About this task:
Going through the data below, find how many lines include the word "degrees", and reply with that number alone.

Data supplied:
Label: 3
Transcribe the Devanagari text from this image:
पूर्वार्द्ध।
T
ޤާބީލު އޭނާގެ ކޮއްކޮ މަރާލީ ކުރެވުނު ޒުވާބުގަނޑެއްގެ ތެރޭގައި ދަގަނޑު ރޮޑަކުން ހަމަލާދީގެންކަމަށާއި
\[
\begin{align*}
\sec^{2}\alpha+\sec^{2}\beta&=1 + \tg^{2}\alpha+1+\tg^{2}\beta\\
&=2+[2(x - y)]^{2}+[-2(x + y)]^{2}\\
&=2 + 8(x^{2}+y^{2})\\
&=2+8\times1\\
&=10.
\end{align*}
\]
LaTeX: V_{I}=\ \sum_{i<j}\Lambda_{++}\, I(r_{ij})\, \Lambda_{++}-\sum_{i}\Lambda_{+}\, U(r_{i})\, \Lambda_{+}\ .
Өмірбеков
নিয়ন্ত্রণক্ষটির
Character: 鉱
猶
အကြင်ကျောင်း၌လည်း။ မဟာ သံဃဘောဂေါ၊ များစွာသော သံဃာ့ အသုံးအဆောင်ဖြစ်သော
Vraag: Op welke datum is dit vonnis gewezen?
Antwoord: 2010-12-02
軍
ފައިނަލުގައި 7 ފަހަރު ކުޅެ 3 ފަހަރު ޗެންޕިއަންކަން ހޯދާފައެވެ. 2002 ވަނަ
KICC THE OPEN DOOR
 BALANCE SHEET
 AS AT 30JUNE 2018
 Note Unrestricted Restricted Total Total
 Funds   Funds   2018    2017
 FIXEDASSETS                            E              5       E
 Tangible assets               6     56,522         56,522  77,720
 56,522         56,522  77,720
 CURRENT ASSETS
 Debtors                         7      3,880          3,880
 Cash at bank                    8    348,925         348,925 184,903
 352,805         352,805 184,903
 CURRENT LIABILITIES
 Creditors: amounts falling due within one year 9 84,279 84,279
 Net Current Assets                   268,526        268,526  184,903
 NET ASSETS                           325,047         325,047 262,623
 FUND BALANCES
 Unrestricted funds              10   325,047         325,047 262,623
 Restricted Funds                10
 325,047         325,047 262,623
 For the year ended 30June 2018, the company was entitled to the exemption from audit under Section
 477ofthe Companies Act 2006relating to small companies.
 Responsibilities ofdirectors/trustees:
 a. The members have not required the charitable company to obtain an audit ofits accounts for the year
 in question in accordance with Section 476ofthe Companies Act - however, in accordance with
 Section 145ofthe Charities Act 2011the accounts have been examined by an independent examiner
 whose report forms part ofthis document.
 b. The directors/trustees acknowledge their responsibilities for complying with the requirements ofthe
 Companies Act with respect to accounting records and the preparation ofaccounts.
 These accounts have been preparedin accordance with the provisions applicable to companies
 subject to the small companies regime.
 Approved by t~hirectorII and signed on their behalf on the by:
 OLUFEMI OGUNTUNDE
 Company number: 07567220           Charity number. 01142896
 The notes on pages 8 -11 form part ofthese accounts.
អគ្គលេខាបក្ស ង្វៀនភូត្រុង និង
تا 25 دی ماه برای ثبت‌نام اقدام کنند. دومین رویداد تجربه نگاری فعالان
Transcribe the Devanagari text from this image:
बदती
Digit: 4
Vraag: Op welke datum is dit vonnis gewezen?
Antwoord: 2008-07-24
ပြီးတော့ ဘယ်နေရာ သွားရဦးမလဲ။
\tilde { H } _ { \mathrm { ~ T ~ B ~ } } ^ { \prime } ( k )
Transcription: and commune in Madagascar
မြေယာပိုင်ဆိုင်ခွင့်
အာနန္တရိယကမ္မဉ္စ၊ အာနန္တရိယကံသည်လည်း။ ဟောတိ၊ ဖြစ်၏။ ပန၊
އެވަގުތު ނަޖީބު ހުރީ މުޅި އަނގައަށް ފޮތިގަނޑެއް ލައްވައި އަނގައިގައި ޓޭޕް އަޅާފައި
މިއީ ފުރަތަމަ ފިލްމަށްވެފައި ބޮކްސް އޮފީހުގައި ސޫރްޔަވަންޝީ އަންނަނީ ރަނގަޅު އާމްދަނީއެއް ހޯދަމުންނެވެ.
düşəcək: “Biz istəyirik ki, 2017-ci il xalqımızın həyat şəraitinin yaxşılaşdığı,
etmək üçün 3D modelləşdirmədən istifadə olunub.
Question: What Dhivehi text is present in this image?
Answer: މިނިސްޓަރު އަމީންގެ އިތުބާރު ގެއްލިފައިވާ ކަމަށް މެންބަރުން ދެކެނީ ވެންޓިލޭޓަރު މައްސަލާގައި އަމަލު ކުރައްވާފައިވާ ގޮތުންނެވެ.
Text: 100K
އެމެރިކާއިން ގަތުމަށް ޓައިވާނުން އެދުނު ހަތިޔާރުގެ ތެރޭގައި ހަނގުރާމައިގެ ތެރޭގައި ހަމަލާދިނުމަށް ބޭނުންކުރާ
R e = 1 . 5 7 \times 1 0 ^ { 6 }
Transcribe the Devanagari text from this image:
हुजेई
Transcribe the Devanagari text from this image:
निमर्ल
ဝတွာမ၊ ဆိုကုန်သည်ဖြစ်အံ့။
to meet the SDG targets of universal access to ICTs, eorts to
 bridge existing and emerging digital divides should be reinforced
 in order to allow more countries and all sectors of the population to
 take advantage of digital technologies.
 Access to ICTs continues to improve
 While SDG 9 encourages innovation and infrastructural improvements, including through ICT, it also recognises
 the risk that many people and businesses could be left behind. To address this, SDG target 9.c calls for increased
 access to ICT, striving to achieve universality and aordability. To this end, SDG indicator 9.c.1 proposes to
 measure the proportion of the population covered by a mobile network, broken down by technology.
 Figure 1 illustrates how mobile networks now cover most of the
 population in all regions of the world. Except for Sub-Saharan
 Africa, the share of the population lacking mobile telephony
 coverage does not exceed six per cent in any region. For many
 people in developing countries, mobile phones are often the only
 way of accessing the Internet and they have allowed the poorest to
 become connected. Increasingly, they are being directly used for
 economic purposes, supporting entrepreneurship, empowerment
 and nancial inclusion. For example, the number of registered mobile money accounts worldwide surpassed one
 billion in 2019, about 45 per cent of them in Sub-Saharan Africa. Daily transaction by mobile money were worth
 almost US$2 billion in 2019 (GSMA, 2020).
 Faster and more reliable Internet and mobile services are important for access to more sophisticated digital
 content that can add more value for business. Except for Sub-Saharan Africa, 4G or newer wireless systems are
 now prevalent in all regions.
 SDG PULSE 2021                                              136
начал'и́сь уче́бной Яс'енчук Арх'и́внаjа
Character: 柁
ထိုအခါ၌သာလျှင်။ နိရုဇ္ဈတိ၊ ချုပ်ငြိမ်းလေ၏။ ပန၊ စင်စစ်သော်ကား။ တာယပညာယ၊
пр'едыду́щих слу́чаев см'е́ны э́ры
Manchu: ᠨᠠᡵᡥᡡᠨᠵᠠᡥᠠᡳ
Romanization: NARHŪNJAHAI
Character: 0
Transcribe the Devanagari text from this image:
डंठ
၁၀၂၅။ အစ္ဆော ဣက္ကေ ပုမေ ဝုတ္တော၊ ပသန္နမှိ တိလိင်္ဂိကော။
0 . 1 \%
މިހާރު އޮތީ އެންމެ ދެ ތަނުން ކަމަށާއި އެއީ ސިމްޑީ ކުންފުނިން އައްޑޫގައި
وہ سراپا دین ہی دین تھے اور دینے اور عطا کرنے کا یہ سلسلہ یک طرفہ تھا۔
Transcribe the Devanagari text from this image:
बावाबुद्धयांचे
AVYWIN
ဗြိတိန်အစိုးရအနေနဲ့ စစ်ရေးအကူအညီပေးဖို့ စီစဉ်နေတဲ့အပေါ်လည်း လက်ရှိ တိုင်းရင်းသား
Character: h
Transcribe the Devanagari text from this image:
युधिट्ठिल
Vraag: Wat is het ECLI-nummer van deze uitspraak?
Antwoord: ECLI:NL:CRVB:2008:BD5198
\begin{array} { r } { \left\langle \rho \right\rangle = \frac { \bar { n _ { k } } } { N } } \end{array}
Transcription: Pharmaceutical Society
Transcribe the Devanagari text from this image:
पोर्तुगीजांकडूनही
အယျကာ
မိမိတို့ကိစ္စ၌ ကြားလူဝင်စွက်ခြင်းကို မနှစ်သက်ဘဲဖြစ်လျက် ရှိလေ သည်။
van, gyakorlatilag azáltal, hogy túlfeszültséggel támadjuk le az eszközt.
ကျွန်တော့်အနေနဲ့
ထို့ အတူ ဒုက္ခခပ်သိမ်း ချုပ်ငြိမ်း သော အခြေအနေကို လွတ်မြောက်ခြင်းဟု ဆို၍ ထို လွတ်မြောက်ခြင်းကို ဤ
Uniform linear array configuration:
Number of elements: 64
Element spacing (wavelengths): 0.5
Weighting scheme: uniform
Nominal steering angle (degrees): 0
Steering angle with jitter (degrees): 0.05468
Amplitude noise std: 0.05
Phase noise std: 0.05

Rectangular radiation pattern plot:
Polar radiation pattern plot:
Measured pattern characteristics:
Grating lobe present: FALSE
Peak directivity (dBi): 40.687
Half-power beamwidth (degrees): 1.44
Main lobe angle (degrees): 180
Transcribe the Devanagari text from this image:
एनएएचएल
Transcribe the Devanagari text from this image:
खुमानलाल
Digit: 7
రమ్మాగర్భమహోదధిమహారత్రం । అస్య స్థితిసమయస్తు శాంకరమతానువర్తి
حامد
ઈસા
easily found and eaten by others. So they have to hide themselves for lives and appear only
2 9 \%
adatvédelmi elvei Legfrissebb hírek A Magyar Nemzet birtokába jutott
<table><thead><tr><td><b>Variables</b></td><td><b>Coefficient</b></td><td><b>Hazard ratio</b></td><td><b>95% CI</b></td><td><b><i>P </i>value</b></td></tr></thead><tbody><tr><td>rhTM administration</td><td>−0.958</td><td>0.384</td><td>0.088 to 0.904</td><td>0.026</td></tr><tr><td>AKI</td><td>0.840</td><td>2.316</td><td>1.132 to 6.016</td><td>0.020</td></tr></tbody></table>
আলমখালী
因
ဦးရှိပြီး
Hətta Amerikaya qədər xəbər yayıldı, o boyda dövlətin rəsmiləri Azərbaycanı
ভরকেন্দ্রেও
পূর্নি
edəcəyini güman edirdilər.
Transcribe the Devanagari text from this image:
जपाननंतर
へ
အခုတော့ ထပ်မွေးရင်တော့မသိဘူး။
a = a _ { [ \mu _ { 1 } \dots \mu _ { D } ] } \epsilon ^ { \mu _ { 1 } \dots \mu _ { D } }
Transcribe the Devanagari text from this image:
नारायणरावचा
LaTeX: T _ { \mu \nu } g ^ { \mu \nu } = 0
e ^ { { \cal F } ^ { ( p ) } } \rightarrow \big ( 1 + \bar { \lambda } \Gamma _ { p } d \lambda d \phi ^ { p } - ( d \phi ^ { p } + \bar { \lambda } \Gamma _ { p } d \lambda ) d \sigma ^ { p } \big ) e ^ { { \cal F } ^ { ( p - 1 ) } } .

Finished exercise:
4